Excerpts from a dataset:

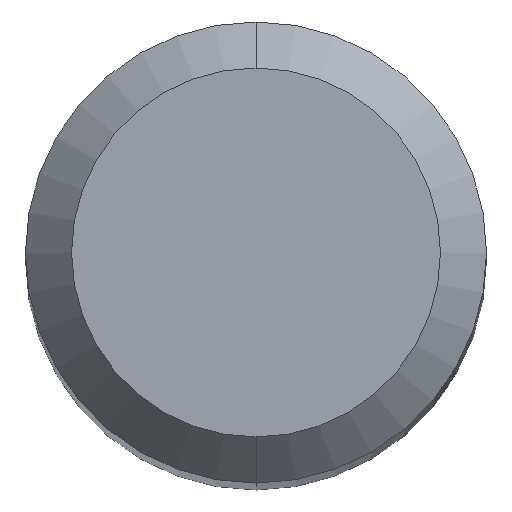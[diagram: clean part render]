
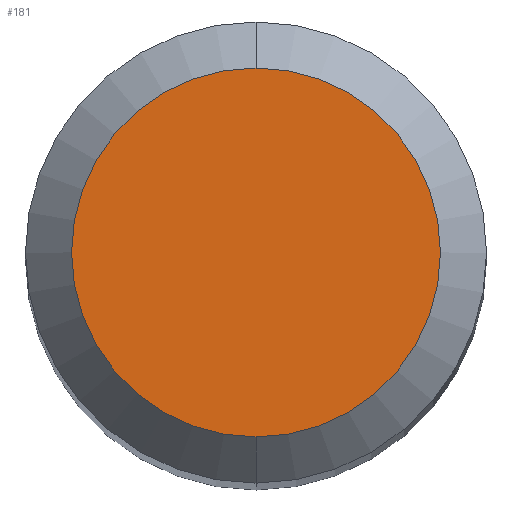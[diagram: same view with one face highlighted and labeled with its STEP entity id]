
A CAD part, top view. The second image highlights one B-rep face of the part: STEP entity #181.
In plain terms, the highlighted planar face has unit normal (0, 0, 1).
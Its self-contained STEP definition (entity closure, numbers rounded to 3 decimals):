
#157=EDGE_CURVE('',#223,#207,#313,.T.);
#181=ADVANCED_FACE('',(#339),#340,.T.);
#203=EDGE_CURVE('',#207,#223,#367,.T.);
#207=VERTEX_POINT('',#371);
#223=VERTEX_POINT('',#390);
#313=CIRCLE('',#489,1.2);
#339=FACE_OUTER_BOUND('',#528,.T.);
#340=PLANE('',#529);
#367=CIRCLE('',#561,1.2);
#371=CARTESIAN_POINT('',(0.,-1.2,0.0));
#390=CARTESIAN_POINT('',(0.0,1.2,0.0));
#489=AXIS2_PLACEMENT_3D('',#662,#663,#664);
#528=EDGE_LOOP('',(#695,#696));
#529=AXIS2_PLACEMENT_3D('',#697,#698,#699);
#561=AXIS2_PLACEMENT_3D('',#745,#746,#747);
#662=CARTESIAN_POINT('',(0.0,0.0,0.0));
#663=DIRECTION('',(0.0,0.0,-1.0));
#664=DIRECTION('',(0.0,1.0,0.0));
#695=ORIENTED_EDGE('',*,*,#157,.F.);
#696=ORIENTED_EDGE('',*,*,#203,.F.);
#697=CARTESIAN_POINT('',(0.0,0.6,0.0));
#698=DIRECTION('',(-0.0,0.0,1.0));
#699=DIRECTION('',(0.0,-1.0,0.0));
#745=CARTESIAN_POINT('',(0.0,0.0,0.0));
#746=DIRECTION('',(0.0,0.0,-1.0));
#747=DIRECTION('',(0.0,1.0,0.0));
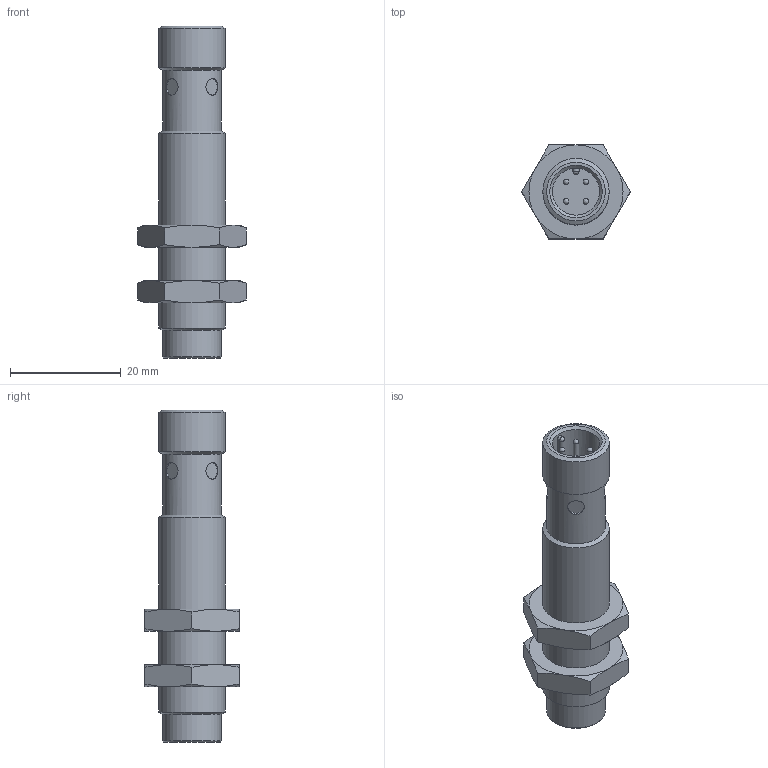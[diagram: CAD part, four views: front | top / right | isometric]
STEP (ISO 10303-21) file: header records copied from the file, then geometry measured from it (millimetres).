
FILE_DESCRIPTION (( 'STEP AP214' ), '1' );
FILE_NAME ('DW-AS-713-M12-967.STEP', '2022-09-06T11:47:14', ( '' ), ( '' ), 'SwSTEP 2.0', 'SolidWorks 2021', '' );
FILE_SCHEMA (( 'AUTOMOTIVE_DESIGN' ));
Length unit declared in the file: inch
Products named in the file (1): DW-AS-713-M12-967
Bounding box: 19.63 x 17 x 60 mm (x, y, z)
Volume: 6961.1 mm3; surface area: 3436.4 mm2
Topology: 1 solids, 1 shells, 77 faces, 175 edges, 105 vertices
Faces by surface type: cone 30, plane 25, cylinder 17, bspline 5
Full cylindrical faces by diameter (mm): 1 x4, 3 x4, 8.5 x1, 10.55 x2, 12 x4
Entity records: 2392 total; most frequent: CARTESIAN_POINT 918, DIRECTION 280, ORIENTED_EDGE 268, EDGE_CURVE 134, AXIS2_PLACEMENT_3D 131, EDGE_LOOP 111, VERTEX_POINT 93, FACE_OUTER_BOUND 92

* * *

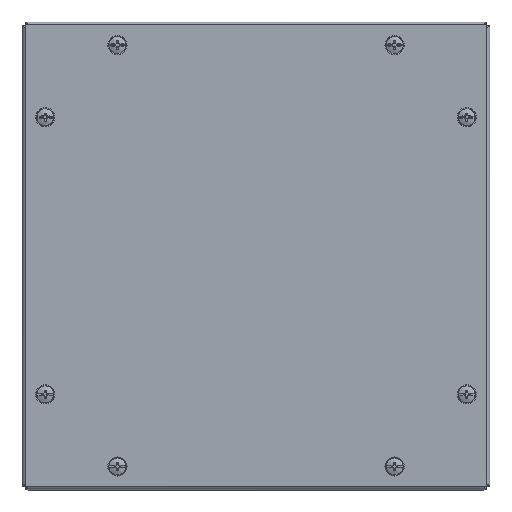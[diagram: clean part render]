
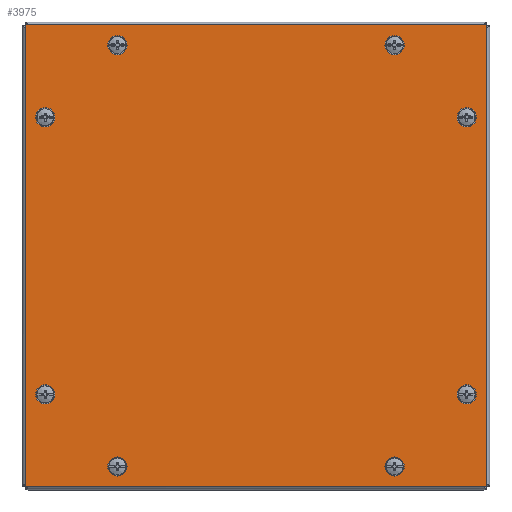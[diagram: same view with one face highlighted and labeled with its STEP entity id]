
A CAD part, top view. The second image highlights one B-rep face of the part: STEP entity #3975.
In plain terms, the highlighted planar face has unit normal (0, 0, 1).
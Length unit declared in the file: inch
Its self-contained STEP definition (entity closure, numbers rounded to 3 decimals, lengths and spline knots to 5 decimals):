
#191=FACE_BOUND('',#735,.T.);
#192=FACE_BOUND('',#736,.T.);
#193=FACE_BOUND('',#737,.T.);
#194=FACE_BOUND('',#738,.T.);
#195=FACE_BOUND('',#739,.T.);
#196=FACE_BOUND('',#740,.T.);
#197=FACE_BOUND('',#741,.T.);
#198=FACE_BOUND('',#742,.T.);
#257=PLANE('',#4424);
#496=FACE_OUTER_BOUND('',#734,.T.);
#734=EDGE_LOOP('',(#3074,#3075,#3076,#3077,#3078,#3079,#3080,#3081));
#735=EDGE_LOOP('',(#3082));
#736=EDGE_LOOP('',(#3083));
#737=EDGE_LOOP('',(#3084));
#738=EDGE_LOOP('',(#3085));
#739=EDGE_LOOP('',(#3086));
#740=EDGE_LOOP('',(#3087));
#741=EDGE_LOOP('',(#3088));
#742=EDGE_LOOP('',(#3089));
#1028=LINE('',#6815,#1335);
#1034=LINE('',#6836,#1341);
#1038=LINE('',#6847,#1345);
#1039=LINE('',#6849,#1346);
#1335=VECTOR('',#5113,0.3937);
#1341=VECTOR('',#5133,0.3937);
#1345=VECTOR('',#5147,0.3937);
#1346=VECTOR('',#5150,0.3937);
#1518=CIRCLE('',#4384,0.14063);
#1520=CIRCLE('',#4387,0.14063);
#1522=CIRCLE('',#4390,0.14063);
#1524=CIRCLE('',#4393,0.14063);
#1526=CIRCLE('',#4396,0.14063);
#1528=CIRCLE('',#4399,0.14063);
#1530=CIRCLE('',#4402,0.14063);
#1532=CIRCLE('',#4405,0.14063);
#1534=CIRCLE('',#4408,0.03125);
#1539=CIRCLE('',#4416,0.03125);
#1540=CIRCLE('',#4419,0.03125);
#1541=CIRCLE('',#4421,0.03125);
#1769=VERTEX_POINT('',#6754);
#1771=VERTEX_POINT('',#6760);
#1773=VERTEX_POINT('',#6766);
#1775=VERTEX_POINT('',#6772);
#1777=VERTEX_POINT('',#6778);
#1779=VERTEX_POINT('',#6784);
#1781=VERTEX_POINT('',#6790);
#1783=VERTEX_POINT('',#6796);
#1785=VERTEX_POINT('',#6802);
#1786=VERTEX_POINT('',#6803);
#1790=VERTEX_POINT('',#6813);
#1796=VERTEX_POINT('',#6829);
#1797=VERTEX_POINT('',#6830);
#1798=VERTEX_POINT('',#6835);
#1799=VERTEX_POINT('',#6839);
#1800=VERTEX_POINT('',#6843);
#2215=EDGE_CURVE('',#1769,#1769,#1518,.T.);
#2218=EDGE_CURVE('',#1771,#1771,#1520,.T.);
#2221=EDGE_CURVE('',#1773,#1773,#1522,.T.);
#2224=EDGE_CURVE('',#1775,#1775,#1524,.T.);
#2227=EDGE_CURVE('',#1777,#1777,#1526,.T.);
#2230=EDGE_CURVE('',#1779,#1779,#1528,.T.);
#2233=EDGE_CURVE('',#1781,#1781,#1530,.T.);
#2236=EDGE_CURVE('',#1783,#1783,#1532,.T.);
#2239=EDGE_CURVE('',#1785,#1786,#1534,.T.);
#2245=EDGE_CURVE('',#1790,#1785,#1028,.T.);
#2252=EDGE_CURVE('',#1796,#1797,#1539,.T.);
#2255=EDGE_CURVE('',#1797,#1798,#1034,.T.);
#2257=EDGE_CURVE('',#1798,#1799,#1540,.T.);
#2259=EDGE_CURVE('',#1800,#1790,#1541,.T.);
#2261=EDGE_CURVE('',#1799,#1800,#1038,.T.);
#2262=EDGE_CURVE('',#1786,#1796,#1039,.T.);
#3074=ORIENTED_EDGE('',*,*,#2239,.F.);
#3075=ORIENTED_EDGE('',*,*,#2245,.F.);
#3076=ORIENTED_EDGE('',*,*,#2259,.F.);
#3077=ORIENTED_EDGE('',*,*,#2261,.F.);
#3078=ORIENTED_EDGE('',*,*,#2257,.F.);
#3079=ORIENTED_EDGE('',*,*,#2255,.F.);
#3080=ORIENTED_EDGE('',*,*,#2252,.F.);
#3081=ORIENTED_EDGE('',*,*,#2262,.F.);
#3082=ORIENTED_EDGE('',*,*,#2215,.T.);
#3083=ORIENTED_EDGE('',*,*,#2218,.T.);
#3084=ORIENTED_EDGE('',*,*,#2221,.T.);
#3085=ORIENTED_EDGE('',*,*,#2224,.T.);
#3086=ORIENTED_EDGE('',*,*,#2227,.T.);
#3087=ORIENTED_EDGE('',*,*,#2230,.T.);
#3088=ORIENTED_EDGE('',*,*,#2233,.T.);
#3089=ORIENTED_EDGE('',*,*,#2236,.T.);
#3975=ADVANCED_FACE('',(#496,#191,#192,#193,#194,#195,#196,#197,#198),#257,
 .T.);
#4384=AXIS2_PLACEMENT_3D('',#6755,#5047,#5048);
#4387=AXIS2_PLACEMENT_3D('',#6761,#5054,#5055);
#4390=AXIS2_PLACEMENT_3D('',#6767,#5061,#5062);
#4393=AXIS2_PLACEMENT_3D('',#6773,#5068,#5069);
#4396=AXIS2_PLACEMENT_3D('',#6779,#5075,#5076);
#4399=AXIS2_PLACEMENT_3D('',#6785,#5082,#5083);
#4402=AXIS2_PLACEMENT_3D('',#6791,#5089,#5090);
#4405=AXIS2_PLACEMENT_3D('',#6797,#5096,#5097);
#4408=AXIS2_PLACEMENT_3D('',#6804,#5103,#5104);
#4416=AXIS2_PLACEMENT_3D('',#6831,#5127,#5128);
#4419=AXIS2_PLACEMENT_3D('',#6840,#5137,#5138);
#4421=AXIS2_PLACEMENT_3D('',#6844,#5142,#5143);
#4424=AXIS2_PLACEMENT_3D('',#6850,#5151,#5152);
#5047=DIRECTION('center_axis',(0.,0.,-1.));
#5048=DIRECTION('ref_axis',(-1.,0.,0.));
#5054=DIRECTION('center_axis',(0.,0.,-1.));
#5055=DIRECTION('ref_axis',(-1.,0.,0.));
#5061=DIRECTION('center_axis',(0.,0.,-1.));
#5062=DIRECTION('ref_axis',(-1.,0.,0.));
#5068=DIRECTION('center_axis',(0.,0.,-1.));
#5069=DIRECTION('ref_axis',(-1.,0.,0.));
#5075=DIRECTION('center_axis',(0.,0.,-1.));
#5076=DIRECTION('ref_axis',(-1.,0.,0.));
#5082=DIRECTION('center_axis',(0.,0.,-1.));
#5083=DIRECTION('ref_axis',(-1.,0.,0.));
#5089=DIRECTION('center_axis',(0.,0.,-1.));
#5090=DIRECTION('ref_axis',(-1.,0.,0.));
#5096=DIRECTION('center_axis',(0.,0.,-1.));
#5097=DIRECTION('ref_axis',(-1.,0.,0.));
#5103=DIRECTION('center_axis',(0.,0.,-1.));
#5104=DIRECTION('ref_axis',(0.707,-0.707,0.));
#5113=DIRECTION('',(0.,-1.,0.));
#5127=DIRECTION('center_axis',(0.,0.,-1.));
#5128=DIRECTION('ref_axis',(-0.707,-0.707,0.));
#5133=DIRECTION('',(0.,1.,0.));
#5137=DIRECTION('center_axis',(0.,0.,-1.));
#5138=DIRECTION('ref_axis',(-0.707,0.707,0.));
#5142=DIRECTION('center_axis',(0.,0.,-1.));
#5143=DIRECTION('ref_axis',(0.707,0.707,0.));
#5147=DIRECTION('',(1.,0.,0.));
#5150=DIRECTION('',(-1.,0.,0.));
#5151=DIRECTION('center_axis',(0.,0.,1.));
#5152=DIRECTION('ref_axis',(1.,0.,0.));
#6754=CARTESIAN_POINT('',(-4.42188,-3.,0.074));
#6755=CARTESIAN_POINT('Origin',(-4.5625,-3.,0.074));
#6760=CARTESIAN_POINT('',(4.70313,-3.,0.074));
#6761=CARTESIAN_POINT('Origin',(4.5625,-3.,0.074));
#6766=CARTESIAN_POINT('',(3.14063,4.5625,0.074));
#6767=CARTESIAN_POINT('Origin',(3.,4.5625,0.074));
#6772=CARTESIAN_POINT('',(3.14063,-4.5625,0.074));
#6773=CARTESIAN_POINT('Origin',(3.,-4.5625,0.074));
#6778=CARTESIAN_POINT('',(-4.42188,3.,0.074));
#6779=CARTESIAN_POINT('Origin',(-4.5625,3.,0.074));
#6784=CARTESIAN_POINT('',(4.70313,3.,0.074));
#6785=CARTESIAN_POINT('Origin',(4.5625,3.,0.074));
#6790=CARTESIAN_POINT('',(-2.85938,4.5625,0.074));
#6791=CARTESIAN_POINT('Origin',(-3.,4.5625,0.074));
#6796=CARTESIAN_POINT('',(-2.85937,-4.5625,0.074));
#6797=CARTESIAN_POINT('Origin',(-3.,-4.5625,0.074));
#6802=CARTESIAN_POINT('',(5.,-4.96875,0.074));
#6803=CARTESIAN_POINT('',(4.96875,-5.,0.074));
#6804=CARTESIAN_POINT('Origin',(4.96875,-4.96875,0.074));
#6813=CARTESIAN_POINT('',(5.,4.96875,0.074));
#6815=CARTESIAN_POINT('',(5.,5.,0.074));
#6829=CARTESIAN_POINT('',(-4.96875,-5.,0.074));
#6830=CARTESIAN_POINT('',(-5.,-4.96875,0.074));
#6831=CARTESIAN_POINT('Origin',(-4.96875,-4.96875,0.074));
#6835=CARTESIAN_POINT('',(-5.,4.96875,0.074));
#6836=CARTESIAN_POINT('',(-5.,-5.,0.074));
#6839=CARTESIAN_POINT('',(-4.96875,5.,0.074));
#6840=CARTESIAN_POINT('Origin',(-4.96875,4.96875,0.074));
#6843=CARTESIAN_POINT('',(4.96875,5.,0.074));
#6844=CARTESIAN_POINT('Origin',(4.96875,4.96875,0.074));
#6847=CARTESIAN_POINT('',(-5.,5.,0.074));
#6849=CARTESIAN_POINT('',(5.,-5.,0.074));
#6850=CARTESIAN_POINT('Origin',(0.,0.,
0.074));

→ Exercise goal
Print exactly, with no pictures, the lines above from the one that holds "#339=FACE_OUTER_BOUND('',#528,.T.);" through the one that holds "Entity records: 2392", both of them included.

→ Solution below
#339=FACE_OUTER_BOUND('',#528,.T.);
#340=PLANE('',#529);
#367=CIRCLE('',#561,1.2);
#371=CARTESIAN_POINT('',(0.,-1.2,0.0));
#390=CARTESIAN_POINT('',(0.0,1.2,0.0));
#489=AXIS2_PLACEMENT_3D('',#662,#663,#664);
#528=EDGE_LOOP('',(#695,#696));
#529=AXIS2_PLACEMENT_3D('',#697,#698,#699);
#561=AXIS2_PLACEMENT_3D('',#745,#746,#747);
#662=CARTESIAN_POINT('',(0.0,0.0,0.0));
#663=DIRECTION('',(0.0,0.0,-1.0));
#664=DIRECTION('',(0.0,1.0,0.0));
#695=ORIENTED_EDGE('',*,*,#157,.F.);
#696=ORIENTED_EDGE('',*,*,#203,.F.);
#697=CARTESIAN_POINT('',(0.0,0.6,0.0));
#698=DIRECTION('',(-0.0,0.0,1.0));
#699=DIRECTION('',(0.0,-1.0,0.0));
#745=CARTESIAN_POINT('',(0.0,0.0,0.0));
#746=DIRECTION('',(0.0,0.0,-1.0));
#747=DIRECTION('',(0.0,1.0,0.0));
[diagram: CAD part, four views: front | top / right | isometric]
STEP (ISO 10303-21) file: header records copied from the file, then geometry measured from it (millimetres).
FILE_DESCRIPTION (( 'STEP AP214' ), '1' );
FILE_NAME ('DW-AS-713-M12-967.STEP', '2022-09-06T11:47:14', ( '' ), ( '' ), 'SwSTEP 2.0', 'SolidWorks 2021', '' );
FILE_SCHEMA (( 'AUTOMOTIVE_DESIGN' ));
Length unit declared in the file: inch
Products named in the file (1): DW-AS-713-M12-967
Bounding box: 19.63 x 17 x 60 mm (x, y, z)
Volume: 6961.1 mm3; surface area: 3436.4 mm2
Topology: 1 solids, 1 shells, 77 faces, 175 edges, 105 vertices
Faces by surface type: cone 30, plane 25, cylinder 17, bspline 5
Full cylindrical faces by diameter (mm): 1 x4, 3 x4, 8.5 x1, 10.55 x2, 12 x4
Entity records: 2392 total; most frequent: CARTESIAN_POINT 918, DIRECTION 280, ORIENTED_EDGE 268, EDGE_CURVE 134, AXIS2_PLACEMENT_3D 131, EDGE_LOOP 111, VERTEX_POINT 93, FACE_OUTER_BOUND 92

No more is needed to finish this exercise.